Scenarios are established based on the number of pods that are monitored by a single ActiveGate. The necessary resources can be taken from the following tables.

  • Scenario S: <1000 pods

  • Scenario M: 1000–5000 pods

  • Scenario L: 5000–20000 pods

    This guide does not cover environments with more than 20,000 pods. Due to the many variables involved, providing precise recommendations for such large-scale setups isn’t feasible. As a starting point, you can use the guidance for the L scenario and gradually increase resources until stable gap-free monitoring is established. For tailored advice, we recommend reaching out to Dynatrace Support to ensure the best configuration for your environment.

Secondary factors

Node count

As the number of nodes in your Kubernetes cluster increases, the ActiveGate needs more CPU and memory resources to handle the extra monitoring workload. This includes processing data from node-level system components and events, which adds up proportionally. We group node counts into these categories for sizing guidance:

  • Up to 25 nodes
  • Up to 100 nodes
  • Up to 500 nodes

If your cluster has more than 100 nodes, you'll need to adjust the resource allocations upward to account for the additional demands, ensuring stable and gap-free monitoring. For clusters beyond 500 nodes, consult Dynatrace Support for tailored recommendations.

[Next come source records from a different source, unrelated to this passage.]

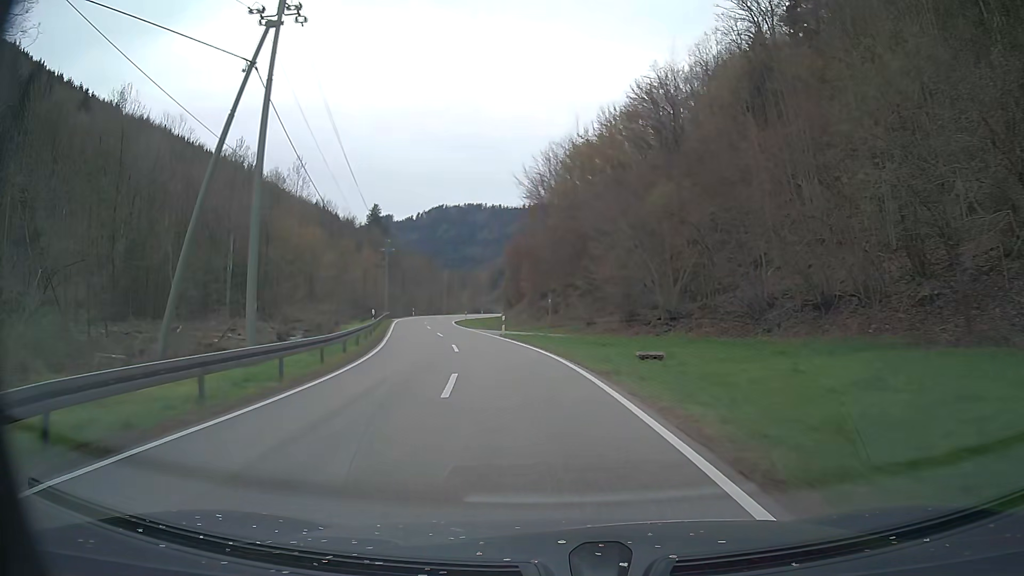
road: tertiary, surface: asphalt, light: Day
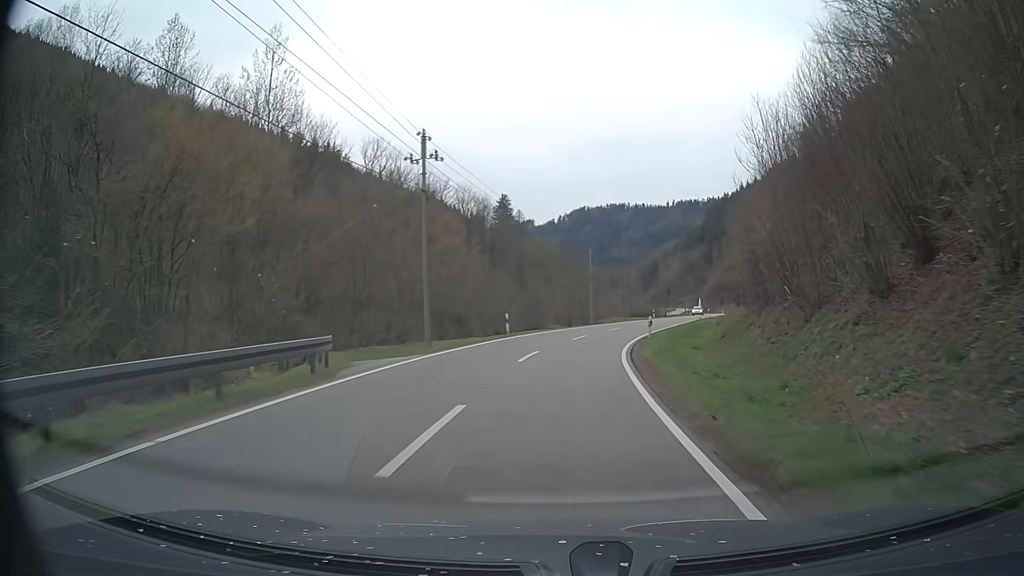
(-8.5, +52.8) m; -13°
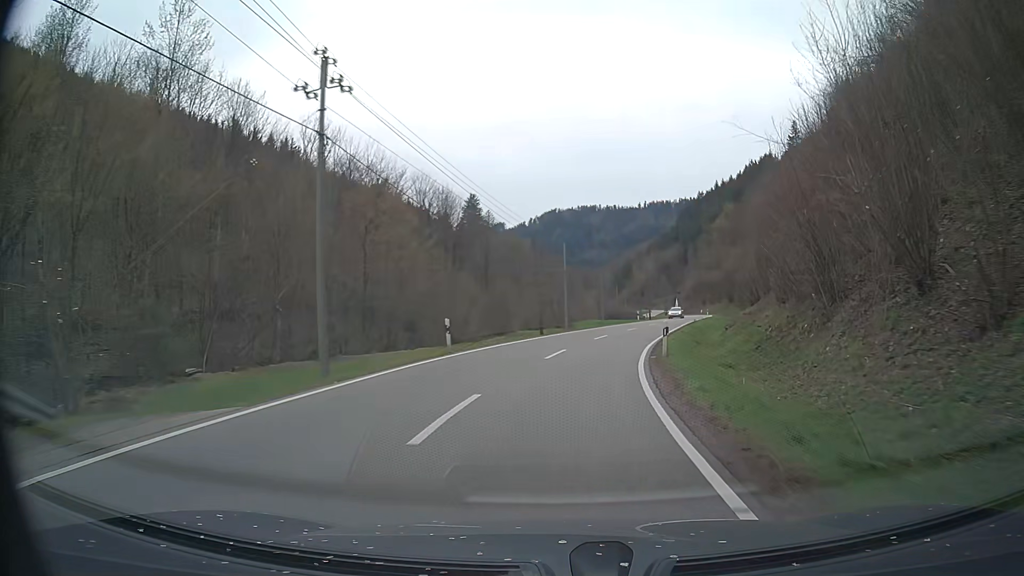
(+0.2, +10.7) m; +2°
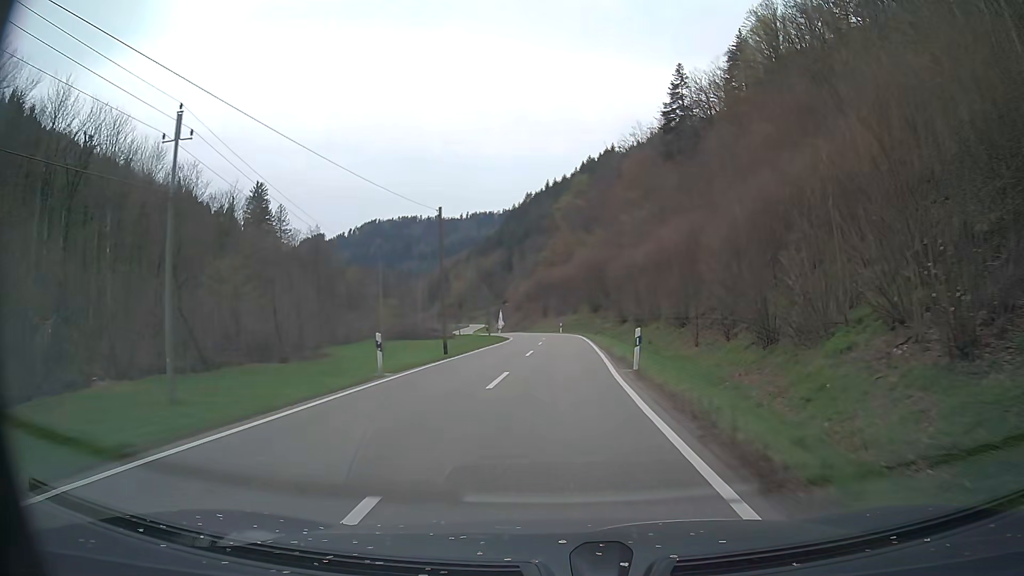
(+8.7, +52.7) m; +15°
(0, +10) (0, +20) (+1, +30) (+1, +40) (+1, +50) (0, +60) (-1, +70) (-2, +80) (-4, +90) (-6, +99) m

Amount of Prometheus metrics scraped

Dynatrace supports up to 1000 pod exporters, with each exporter able to provide up to 1000 metrics. If your environment approaches these limits, you'll need to increase the resources allocated to the ActiveGate to ensure reliable performance.

ActiveGate for Kubernetes platform monitoring

All the following use cases have actually the same requirements on the ActiveGate taking over the Kubernetes platform monitoring part.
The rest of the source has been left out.